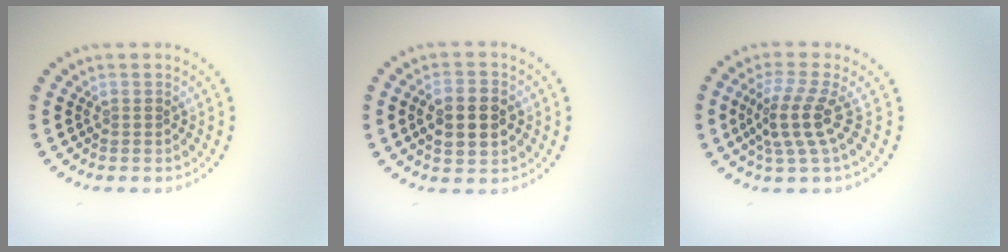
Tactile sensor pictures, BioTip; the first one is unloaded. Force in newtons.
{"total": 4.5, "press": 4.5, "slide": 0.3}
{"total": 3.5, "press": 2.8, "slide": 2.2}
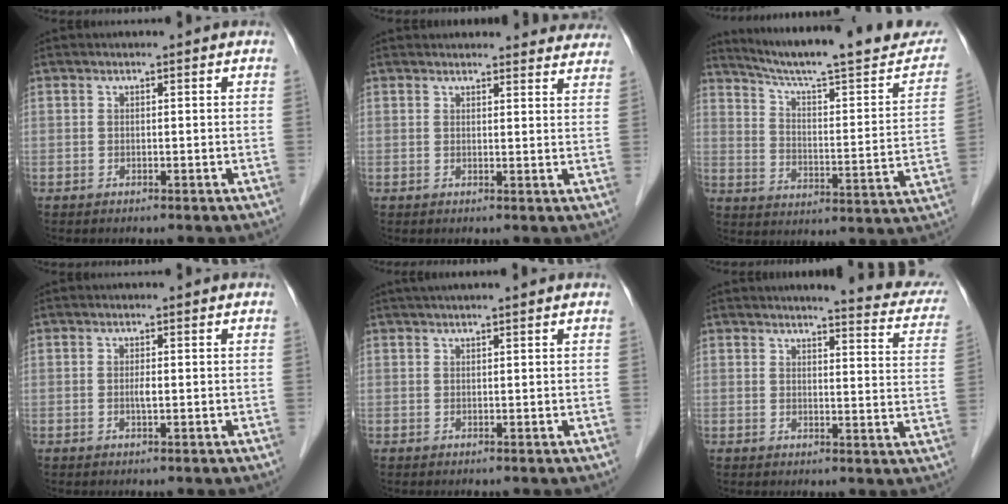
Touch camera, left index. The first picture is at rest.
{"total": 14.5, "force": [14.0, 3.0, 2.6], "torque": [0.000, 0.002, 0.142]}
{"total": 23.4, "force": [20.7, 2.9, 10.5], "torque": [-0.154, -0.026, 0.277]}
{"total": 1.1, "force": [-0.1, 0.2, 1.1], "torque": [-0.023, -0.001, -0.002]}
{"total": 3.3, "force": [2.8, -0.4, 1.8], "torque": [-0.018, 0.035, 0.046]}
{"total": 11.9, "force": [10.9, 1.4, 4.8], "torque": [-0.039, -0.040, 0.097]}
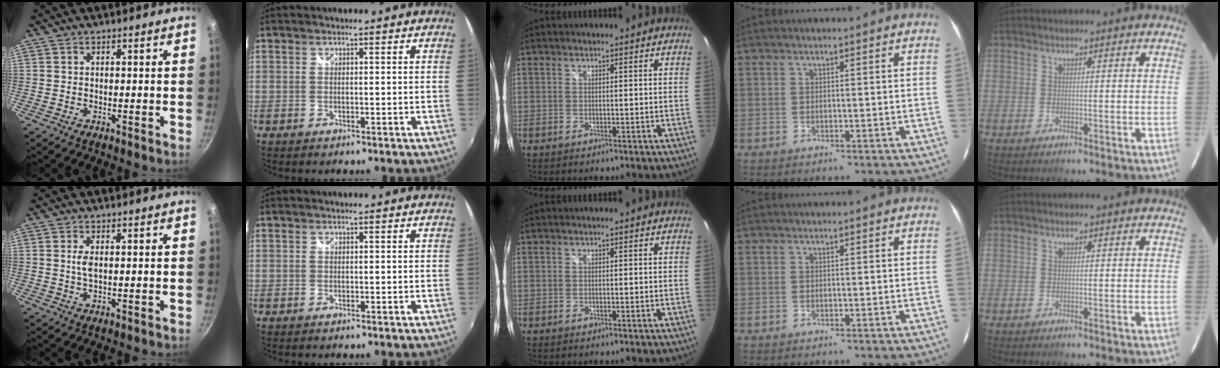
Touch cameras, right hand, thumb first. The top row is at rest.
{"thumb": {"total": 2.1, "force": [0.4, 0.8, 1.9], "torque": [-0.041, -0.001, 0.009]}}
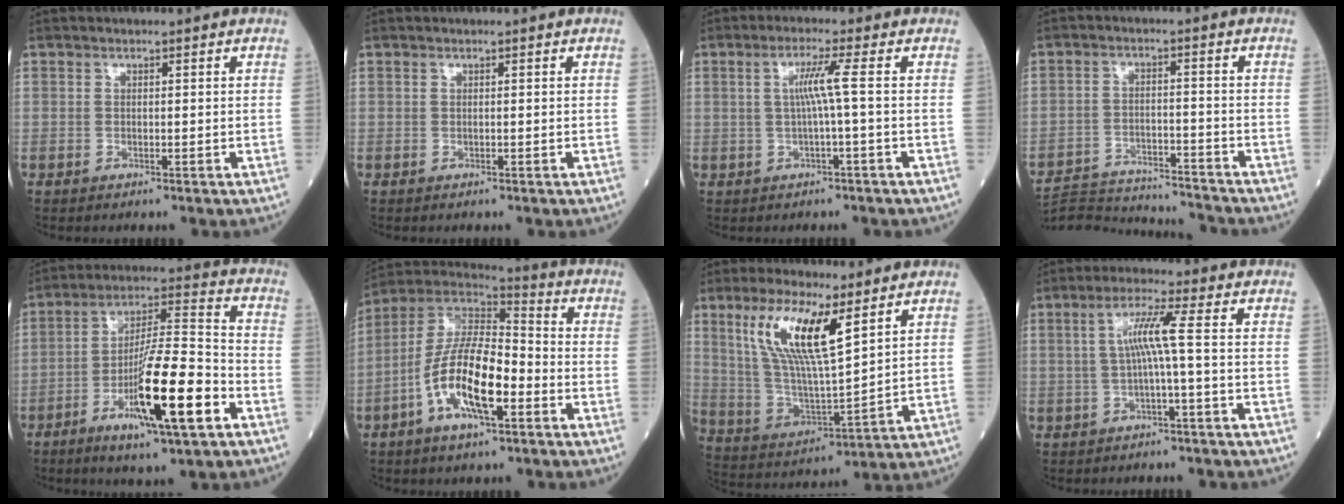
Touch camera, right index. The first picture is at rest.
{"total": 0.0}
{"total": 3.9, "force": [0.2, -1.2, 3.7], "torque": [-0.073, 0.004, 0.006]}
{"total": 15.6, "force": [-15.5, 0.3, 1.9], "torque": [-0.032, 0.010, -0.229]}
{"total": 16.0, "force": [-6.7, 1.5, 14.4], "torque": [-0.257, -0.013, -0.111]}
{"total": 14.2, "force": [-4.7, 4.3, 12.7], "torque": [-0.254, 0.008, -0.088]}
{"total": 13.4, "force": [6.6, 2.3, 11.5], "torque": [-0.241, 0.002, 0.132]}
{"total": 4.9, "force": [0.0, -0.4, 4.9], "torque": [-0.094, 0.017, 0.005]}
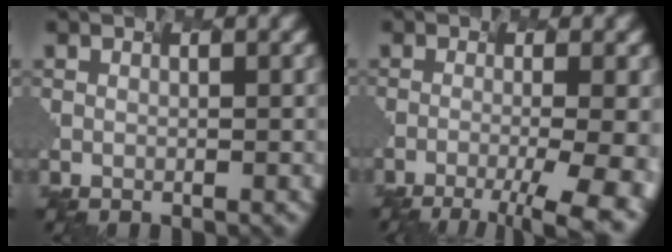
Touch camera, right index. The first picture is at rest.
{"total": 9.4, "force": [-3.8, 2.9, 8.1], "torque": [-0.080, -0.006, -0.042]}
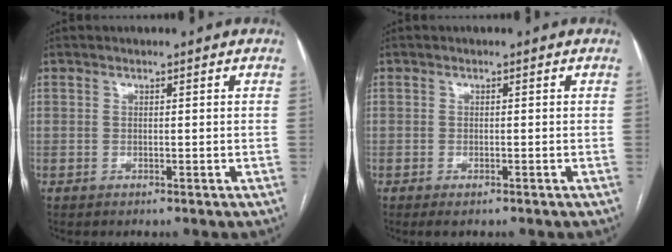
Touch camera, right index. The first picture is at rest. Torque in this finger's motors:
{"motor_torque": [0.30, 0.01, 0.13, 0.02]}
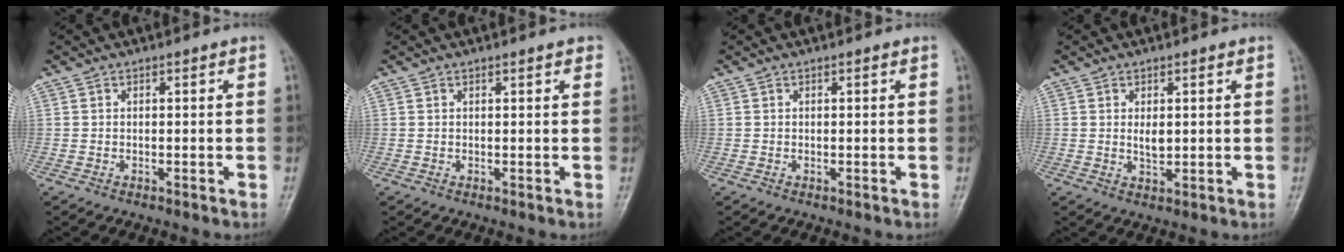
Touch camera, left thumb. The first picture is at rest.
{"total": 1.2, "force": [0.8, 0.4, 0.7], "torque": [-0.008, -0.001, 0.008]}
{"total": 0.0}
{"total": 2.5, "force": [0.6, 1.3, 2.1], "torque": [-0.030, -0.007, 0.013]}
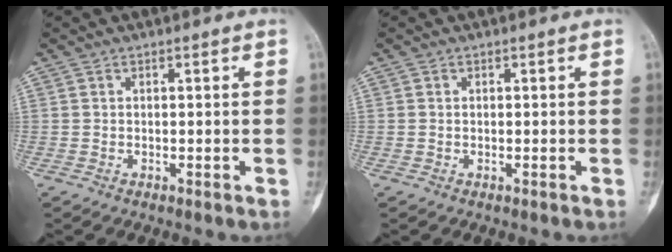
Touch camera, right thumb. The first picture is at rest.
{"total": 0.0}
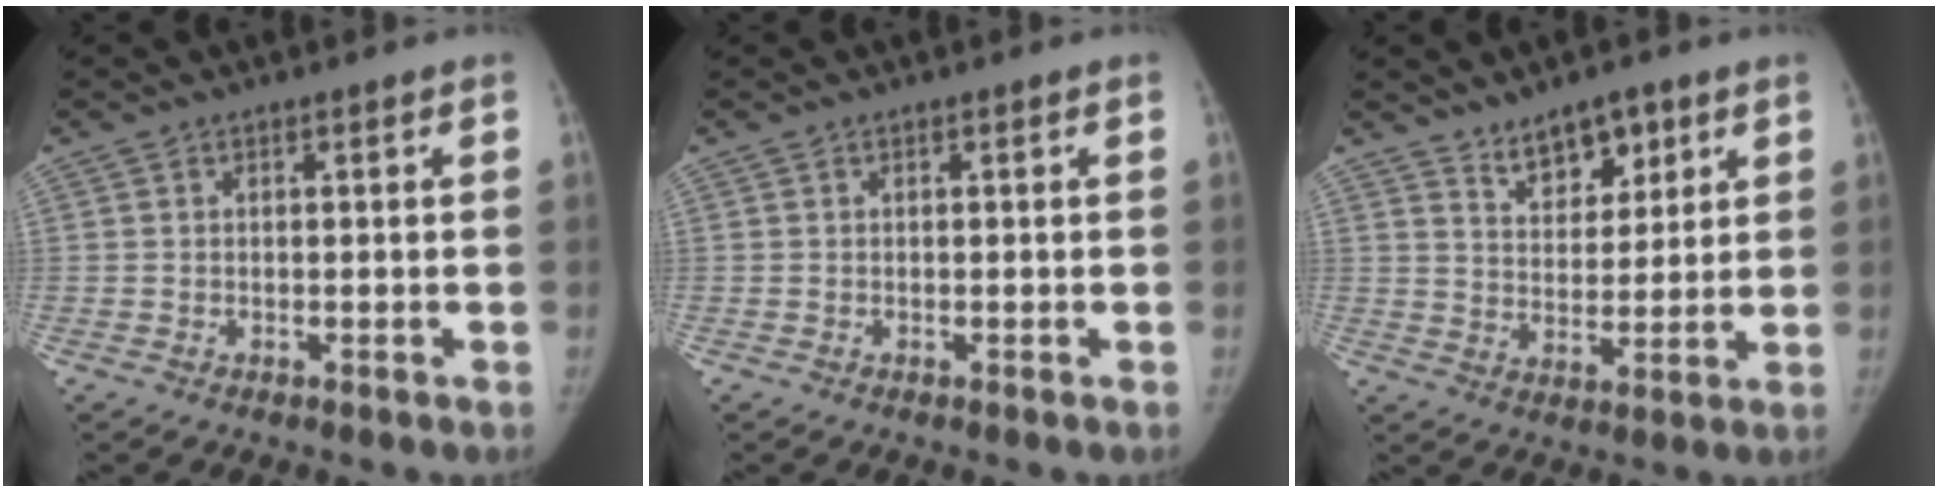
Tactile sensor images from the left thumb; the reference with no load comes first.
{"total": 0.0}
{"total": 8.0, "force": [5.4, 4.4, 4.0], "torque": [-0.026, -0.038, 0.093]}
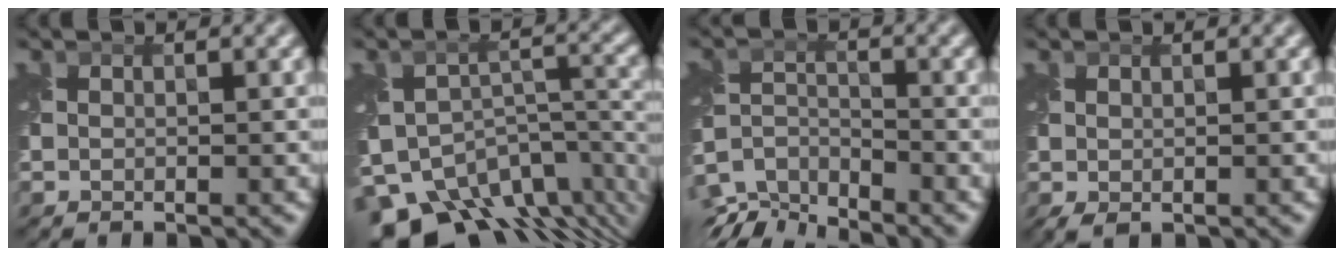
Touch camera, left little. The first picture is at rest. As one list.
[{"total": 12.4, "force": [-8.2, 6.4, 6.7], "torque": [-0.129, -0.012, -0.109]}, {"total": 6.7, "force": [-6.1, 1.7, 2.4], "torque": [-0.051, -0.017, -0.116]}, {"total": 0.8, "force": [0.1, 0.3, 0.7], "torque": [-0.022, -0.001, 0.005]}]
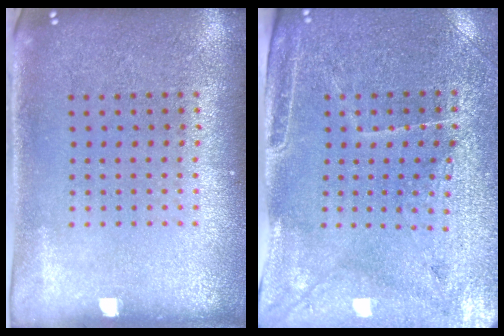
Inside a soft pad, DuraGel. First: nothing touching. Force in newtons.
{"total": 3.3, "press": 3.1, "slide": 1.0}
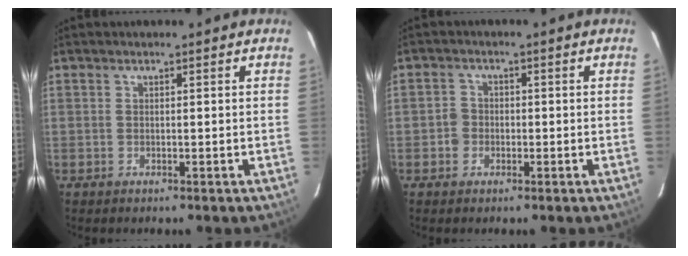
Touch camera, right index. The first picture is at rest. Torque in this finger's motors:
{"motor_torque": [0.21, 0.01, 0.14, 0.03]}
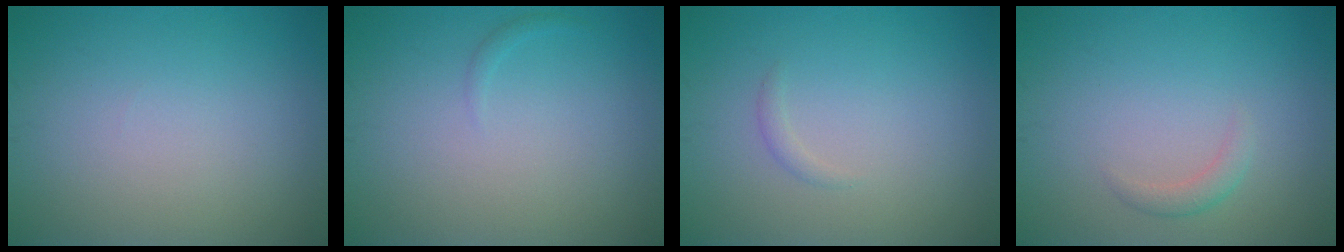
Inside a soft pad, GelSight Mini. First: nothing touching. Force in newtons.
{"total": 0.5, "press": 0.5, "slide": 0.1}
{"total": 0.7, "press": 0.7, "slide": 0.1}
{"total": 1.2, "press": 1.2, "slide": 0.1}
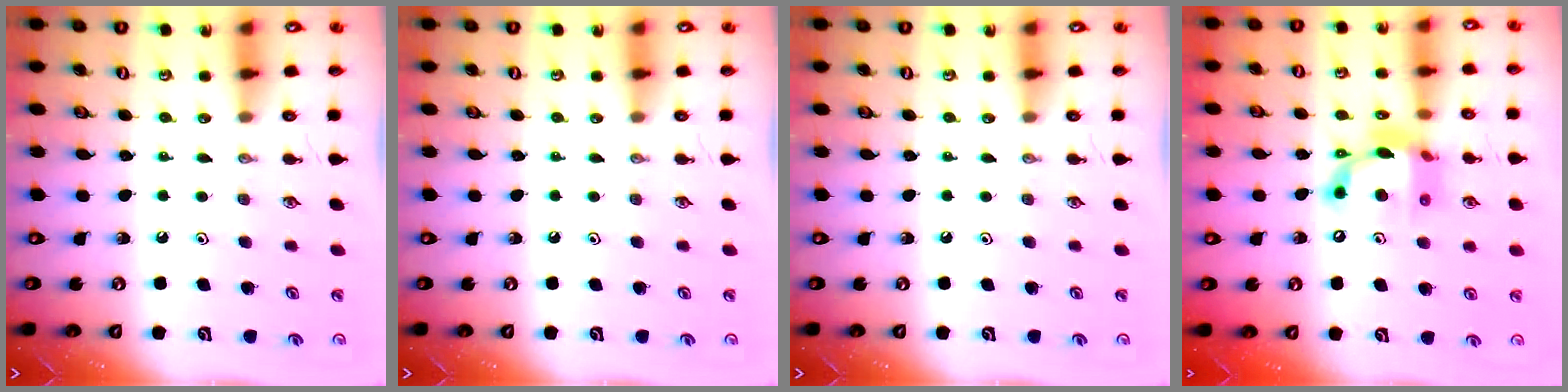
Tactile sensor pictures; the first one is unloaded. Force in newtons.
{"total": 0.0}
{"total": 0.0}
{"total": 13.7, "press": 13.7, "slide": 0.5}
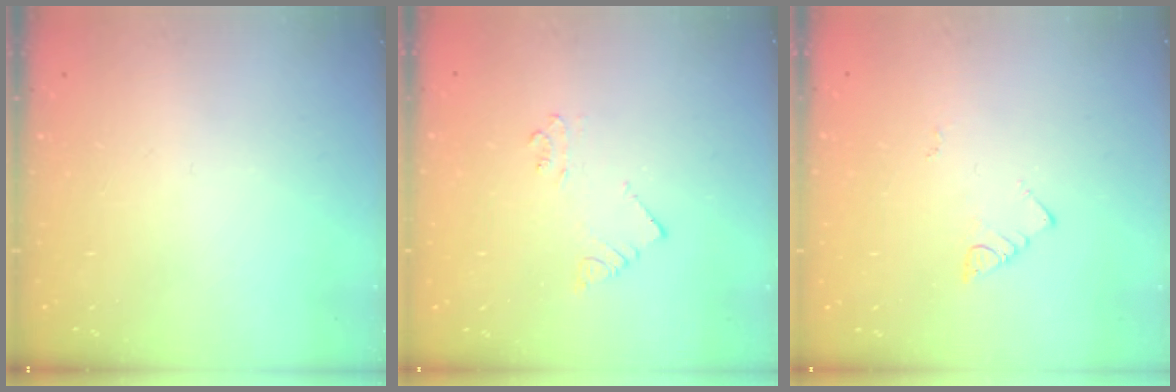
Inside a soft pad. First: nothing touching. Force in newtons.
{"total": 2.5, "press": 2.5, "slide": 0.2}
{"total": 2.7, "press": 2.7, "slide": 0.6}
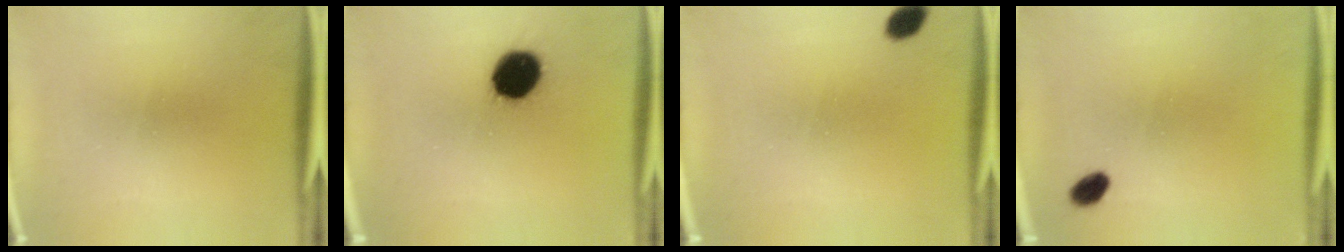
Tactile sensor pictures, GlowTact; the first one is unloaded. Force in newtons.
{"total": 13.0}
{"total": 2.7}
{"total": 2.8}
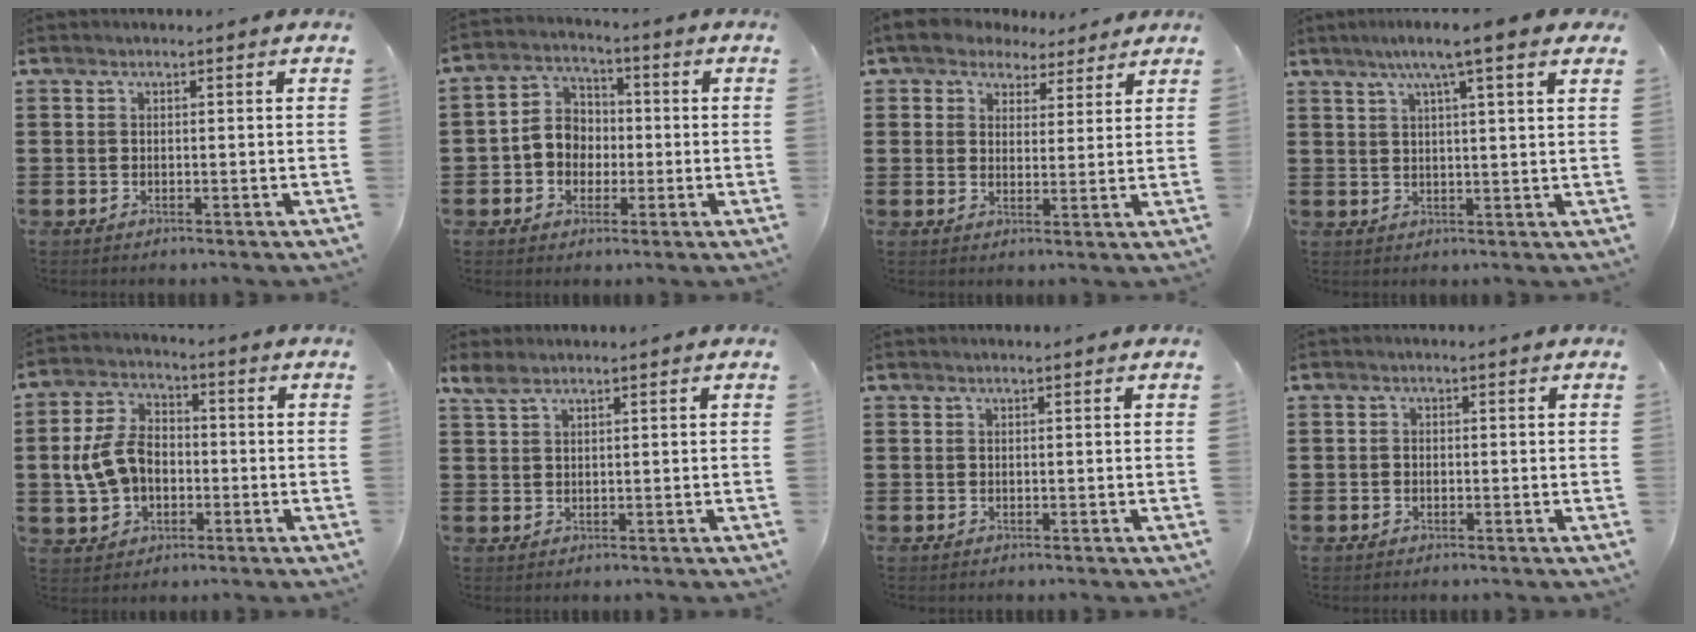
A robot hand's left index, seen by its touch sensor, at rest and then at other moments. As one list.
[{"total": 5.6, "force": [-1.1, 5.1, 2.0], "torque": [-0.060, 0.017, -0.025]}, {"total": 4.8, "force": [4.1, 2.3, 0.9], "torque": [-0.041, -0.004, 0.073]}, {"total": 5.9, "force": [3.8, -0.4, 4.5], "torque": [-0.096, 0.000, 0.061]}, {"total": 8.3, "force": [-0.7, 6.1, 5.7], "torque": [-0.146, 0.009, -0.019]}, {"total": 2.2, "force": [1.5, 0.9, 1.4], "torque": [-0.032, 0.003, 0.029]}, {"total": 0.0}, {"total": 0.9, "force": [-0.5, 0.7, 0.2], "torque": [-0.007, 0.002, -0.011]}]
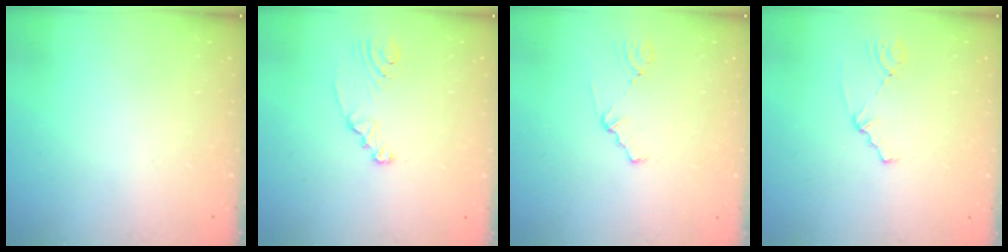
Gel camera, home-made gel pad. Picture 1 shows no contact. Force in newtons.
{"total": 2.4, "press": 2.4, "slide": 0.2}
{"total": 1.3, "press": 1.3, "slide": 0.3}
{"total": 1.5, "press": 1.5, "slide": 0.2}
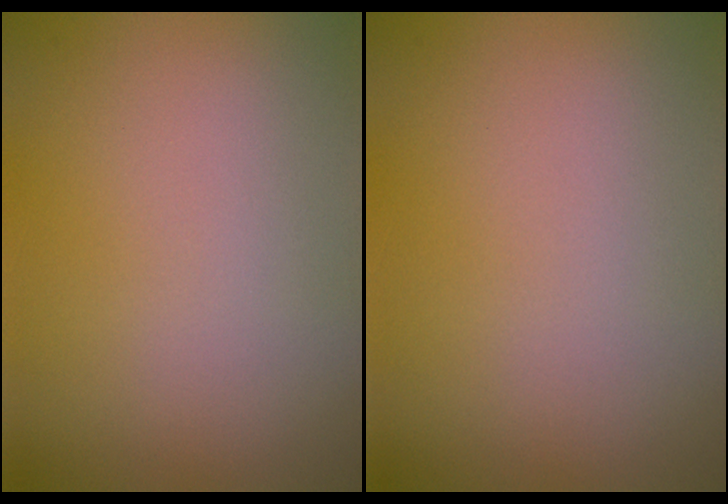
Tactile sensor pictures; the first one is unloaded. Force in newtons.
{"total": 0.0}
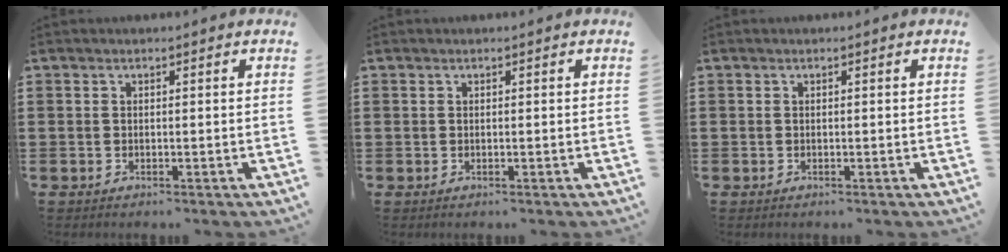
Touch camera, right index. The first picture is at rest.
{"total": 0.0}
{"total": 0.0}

▸ **WHAT THE TASK ASKS**
Pictures excluded, copy exactly the lines running from the one with "Tactile sensor pictures, GlowTact;" through the last line of the material.

▸ **RESULT OF THE EXERCISE**
Tactile sensor pictures, GlowTact; the first one is unloaded. Force in newtons.
{"total": 13.0}
{"total": 2.7}
{"total": 2.8}
A robot hand's left index, seen by its touch sensor, at rest and then at other moments. As one list.
[{"total": 5.6, "force": [-1.1, 5.1, 2.0], "torque": [-0.060, 0.017, -0.025]}, {"total": 4.8, "force": [4.1, 2.3, 0.9], "torque": [-0.041, -0.004, 0.073]}, {"total": 5.9, "force": [3.8, -0.4, 4.5], "torque": [-0.096, 0.000, 0.061]}, {"total": 8.3, "force": [-0.7, 6.1, 5.7], "torque": [-0.146, 0.009, -0.019]}, {"total": 2.2, "force": [1.5, 0.9, 1.4], "torque": [-0.032, 0.003, 0.029]}, {"total": 0.0}, {"total": 0.9, "force": [-0.5, 0.7, 0.2], "torque": [-0.007, 0.002, -0.011]}]
Gel camera, home-made gel pad. Picture 1 shows no contact. Force in newtons.
{"total": 2.4, "press": 2.4, "slide": 0.2}
{"total": 1.3, "press": 1.3, "slide": 0.3}
{"total": 1.5, "press": 1.5, "slide": 0.2}
Tactile sensor pictures; the first one is unloaded. Force in newtons.
{"total": 0.0}
Touch camera, right index. The first picture is at rest.
{"total": 0.0}
{"total": 0.0}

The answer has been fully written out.